Requirement: Find and copy each line of the records where the string "sand" shows up.

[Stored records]
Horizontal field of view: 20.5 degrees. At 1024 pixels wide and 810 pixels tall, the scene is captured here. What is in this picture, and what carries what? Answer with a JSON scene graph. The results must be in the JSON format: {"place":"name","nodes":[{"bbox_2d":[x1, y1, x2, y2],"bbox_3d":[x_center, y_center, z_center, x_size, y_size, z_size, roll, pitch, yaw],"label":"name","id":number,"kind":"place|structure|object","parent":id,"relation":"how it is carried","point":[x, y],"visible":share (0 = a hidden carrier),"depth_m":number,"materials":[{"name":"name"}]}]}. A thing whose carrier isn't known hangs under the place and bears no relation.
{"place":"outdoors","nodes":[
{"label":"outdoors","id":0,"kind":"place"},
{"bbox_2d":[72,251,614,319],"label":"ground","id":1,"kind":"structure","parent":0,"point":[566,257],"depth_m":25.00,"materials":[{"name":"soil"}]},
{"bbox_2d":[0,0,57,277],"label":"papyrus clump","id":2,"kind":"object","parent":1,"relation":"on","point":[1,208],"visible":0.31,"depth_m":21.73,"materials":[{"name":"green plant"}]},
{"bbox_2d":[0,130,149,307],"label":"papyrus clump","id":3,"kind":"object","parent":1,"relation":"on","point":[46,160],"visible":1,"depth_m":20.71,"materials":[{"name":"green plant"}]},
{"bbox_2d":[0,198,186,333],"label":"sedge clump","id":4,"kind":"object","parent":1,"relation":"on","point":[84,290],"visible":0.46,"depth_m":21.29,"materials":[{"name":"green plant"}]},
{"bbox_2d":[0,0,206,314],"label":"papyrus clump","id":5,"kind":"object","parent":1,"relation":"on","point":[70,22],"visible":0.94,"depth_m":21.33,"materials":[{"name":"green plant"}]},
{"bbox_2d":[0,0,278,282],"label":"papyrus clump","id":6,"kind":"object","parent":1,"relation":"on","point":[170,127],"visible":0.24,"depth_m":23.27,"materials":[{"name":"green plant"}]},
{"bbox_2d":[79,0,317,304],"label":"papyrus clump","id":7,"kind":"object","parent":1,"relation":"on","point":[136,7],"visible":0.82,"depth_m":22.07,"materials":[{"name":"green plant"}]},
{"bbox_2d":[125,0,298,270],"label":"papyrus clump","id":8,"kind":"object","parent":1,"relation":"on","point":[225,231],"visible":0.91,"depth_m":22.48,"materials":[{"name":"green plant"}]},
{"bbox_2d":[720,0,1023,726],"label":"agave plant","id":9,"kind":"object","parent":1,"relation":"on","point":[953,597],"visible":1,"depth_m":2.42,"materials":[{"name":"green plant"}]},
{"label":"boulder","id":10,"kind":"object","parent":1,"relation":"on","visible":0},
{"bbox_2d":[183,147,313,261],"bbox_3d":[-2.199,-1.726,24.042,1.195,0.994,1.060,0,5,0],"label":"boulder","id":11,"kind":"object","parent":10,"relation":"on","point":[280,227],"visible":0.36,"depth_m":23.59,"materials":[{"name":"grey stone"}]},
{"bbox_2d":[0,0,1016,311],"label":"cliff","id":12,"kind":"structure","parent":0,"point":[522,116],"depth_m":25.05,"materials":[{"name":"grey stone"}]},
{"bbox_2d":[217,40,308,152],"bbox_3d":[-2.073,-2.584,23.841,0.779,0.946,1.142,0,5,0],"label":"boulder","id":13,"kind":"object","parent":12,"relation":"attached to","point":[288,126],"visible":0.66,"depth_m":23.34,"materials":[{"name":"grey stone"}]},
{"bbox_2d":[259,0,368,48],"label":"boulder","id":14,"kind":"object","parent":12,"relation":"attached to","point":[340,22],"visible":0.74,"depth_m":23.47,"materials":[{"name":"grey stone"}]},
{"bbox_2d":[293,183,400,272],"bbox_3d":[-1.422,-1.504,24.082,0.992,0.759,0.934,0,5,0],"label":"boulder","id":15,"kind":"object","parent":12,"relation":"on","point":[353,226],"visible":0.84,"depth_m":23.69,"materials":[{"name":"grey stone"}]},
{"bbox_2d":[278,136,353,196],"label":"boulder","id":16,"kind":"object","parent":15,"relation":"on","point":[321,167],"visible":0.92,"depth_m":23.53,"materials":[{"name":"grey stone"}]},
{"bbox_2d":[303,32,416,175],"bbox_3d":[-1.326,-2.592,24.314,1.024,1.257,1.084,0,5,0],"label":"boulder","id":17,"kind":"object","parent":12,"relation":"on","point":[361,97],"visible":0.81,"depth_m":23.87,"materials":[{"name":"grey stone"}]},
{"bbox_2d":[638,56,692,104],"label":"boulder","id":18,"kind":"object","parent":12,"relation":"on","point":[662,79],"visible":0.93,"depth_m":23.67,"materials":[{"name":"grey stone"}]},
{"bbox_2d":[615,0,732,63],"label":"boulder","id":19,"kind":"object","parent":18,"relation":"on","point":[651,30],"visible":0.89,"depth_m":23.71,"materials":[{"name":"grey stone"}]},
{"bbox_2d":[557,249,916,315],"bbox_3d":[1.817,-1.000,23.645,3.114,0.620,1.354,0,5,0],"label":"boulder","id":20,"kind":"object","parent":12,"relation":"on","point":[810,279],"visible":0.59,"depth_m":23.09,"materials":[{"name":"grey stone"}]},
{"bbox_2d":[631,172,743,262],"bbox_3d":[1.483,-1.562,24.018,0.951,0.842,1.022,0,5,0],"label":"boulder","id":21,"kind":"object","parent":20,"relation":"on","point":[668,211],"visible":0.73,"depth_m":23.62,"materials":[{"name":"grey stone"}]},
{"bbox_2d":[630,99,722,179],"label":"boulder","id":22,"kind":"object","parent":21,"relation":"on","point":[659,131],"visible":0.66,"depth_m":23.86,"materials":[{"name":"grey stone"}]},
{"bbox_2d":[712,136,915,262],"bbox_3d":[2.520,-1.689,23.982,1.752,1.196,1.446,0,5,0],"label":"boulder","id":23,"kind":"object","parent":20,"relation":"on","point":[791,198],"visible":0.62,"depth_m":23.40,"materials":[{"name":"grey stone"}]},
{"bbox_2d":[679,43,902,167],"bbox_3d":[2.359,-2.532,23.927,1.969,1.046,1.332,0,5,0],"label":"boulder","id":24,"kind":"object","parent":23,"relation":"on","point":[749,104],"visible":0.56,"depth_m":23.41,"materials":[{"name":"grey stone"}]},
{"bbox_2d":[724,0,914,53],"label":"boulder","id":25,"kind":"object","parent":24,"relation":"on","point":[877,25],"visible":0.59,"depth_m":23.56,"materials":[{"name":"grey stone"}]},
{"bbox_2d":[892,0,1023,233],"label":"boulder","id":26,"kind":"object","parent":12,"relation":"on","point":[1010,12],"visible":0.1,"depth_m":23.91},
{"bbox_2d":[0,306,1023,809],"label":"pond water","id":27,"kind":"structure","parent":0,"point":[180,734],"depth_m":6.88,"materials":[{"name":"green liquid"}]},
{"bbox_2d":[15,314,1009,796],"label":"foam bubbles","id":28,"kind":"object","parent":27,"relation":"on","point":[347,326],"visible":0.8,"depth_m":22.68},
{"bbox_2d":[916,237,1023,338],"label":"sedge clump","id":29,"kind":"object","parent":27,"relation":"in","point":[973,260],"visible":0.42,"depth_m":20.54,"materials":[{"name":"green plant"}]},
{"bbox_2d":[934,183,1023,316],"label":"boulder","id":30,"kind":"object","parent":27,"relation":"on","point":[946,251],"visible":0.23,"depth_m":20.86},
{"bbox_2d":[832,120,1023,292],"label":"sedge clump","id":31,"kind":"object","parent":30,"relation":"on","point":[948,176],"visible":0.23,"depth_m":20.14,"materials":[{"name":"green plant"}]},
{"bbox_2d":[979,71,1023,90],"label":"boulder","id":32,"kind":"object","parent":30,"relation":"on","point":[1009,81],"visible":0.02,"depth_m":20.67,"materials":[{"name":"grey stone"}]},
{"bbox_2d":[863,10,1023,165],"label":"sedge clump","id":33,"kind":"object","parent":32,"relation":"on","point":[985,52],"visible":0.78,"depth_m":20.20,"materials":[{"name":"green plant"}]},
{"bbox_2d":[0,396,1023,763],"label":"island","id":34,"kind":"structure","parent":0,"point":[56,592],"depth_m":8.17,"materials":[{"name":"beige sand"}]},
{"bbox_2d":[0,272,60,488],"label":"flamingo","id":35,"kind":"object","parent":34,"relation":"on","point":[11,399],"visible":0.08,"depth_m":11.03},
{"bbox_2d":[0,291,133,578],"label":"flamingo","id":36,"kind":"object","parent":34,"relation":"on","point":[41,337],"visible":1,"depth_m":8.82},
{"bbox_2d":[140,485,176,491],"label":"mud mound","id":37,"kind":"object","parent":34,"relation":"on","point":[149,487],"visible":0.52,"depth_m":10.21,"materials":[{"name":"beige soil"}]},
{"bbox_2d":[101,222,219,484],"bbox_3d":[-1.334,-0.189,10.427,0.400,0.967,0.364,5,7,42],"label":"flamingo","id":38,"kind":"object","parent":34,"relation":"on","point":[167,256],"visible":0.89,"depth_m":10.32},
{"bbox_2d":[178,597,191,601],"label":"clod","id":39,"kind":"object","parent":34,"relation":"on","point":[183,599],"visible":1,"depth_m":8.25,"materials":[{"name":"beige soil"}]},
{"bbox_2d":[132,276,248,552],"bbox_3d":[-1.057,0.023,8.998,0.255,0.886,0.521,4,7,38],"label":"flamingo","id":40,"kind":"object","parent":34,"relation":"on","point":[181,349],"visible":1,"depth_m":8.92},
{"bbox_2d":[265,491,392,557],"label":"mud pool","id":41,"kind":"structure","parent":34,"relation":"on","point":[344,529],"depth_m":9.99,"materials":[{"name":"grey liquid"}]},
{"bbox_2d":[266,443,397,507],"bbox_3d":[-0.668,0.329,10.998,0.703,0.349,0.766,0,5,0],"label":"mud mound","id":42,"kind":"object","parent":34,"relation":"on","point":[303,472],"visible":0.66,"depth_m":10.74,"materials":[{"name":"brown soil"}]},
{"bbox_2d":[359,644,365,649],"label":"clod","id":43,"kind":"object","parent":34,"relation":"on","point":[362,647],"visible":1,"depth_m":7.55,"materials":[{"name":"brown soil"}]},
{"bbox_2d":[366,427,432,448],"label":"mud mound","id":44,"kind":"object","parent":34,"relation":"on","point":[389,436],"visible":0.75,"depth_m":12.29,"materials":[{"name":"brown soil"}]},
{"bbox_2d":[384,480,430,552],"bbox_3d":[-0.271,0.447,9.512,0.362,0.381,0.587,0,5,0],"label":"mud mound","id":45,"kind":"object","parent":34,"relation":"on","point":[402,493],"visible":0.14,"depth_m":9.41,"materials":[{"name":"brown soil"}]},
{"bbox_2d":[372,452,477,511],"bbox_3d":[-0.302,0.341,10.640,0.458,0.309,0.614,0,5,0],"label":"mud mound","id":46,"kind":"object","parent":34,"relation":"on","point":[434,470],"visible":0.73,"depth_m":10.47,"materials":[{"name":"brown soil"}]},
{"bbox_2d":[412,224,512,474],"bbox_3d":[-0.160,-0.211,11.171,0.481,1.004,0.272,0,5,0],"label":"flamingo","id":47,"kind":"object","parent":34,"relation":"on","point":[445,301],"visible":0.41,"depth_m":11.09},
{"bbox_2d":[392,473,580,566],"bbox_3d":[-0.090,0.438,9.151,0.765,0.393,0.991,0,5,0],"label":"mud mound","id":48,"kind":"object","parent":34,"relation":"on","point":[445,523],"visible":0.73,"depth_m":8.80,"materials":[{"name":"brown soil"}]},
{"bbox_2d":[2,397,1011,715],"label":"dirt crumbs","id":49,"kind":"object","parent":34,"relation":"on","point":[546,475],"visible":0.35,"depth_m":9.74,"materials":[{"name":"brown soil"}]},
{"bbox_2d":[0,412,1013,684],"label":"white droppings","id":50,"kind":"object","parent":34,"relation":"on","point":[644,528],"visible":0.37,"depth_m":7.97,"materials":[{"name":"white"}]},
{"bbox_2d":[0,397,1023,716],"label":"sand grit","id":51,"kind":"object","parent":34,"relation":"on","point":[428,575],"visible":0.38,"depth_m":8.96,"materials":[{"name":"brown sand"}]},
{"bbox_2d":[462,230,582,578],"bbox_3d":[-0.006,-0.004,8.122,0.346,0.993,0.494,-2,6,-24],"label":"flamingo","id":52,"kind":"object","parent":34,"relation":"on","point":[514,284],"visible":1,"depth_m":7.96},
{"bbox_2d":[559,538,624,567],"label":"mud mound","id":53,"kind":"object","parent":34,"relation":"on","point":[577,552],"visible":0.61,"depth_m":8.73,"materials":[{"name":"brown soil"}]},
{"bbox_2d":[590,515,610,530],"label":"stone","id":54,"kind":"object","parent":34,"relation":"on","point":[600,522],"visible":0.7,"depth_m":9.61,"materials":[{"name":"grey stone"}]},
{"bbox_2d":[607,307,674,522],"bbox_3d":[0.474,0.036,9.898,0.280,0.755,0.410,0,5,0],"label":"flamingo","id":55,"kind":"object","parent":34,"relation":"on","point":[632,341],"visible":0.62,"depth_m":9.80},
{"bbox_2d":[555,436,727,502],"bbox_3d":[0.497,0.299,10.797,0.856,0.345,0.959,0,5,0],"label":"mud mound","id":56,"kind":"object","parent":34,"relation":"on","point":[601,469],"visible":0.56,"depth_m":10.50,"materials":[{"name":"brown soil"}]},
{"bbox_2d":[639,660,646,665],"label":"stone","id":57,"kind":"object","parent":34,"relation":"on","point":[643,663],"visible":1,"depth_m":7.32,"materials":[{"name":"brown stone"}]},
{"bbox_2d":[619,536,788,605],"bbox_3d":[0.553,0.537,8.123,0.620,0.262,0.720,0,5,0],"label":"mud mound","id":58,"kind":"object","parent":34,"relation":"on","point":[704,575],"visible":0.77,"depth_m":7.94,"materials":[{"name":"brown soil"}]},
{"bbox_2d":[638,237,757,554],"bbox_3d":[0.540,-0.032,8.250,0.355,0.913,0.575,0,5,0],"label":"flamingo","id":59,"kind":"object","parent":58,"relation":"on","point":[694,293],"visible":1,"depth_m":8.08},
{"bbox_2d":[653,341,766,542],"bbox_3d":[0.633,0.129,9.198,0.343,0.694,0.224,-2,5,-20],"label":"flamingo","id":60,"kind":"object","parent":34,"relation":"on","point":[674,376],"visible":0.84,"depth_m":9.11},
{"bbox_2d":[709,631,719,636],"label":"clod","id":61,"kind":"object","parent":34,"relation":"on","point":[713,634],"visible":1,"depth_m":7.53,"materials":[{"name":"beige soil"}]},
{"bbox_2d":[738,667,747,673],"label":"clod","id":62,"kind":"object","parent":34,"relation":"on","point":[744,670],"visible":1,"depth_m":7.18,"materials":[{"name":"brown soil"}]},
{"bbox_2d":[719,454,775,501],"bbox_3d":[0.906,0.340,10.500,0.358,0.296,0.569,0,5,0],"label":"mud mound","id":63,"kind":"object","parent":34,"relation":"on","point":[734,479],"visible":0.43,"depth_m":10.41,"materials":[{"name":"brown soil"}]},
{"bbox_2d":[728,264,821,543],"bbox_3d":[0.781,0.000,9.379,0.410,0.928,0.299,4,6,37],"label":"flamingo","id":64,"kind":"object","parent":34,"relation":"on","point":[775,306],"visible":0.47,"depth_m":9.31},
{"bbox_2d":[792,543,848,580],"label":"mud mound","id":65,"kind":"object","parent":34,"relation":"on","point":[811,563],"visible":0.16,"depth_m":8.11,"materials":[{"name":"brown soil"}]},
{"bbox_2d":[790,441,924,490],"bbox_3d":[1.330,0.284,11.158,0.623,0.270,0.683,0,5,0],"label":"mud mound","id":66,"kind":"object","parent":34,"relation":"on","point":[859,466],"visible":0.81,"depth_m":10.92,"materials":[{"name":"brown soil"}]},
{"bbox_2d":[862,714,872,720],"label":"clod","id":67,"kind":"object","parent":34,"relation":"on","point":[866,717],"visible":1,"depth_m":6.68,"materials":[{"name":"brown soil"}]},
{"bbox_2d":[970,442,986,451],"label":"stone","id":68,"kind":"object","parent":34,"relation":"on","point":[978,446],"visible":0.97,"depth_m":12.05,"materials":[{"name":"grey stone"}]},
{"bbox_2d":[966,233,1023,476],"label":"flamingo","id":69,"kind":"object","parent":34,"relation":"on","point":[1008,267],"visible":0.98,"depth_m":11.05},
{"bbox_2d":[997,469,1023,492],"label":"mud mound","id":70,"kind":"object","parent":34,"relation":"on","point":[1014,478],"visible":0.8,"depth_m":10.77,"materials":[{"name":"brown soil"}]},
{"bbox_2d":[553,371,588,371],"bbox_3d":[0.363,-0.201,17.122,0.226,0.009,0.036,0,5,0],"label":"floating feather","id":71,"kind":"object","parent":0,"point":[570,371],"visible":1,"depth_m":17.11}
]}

Completed task:
{"bbox_2d":[0,396,1023,763],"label":"island","id":34,"kind":"structure","parent":0,"point":[56,592],"depth_m":8.17,"materials":[{"name":"beige sand"}]},
{"bbox_2d":[0,397,1023,716],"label":"sand grit","id":51,"kind":"object","parent":34,"relation":"on","point":[428,575],"visible":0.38,"depth_m":8.96,"materials":[{"name":"brown sand"}]},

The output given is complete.